Gahnia howeana

Scientific classification
- Kingdom: Plantae
- Clade: Tracheophytes
- Clade: Angiosperms
- Clade: Monocots
- Clade: Commelinids
- Order: Poales
- Family: Cyperaceae
- Genus: Gahnia
- Species: G. howeana
- Binomial name: Gahnia howeana R.O.Gardner (1997)

= Gahnia howeana =

- Genus: Gahnia
- Species: howeana
- Authority: R.O.Gardner (1997)

Species of grass-like plant

 Gahnia howeana is a flowering plant in the sedge family. The specific epithet refers to Lord Howe Island, where it is found.
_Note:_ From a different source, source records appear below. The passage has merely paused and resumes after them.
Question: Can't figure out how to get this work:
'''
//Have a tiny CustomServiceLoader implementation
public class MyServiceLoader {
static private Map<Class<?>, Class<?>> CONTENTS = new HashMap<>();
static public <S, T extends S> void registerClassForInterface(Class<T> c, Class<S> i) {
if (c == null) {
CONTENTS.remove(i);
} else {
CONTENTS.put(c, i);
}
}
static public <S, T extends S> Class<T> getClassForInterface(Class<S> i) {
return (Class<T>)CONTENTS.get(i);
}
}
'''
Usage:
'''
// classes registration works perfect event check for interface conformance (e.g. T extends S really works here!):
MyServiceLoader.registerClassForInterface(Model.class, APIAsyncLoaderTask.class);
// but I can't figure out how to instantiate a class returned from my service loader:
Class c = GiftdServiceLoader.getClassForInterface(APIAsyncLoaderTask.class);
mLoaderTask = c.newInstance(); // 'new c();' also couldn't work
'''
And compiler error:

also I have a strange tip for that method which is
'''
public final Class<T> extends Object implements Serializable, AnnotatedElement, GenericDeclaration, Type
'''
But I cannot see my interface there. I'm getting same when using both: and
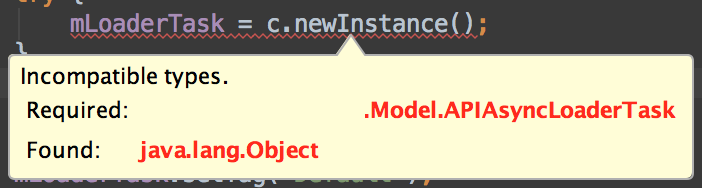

It was formerly lumped with Gahnia xanthocarpa, which is now considered to be endemic to New Zealand.

==Description==
It is a strong, tussocky perennial sedge with stout, smooth culms, growing to 1–2 m in height. The leaves are as long as the culms and about 1 cm wide at the base. It has a drooping, paniculate inflorescence, 30–40 cm in length.

==Distribution and habitat==
The sedge is endemic to Australia’s subtropical Lord Howe Island in the Tasman Sea. It occurs in moist areas within low forest on the rocky slopes and summits of Mounts Lidgbird and Gower at the southern end of the island.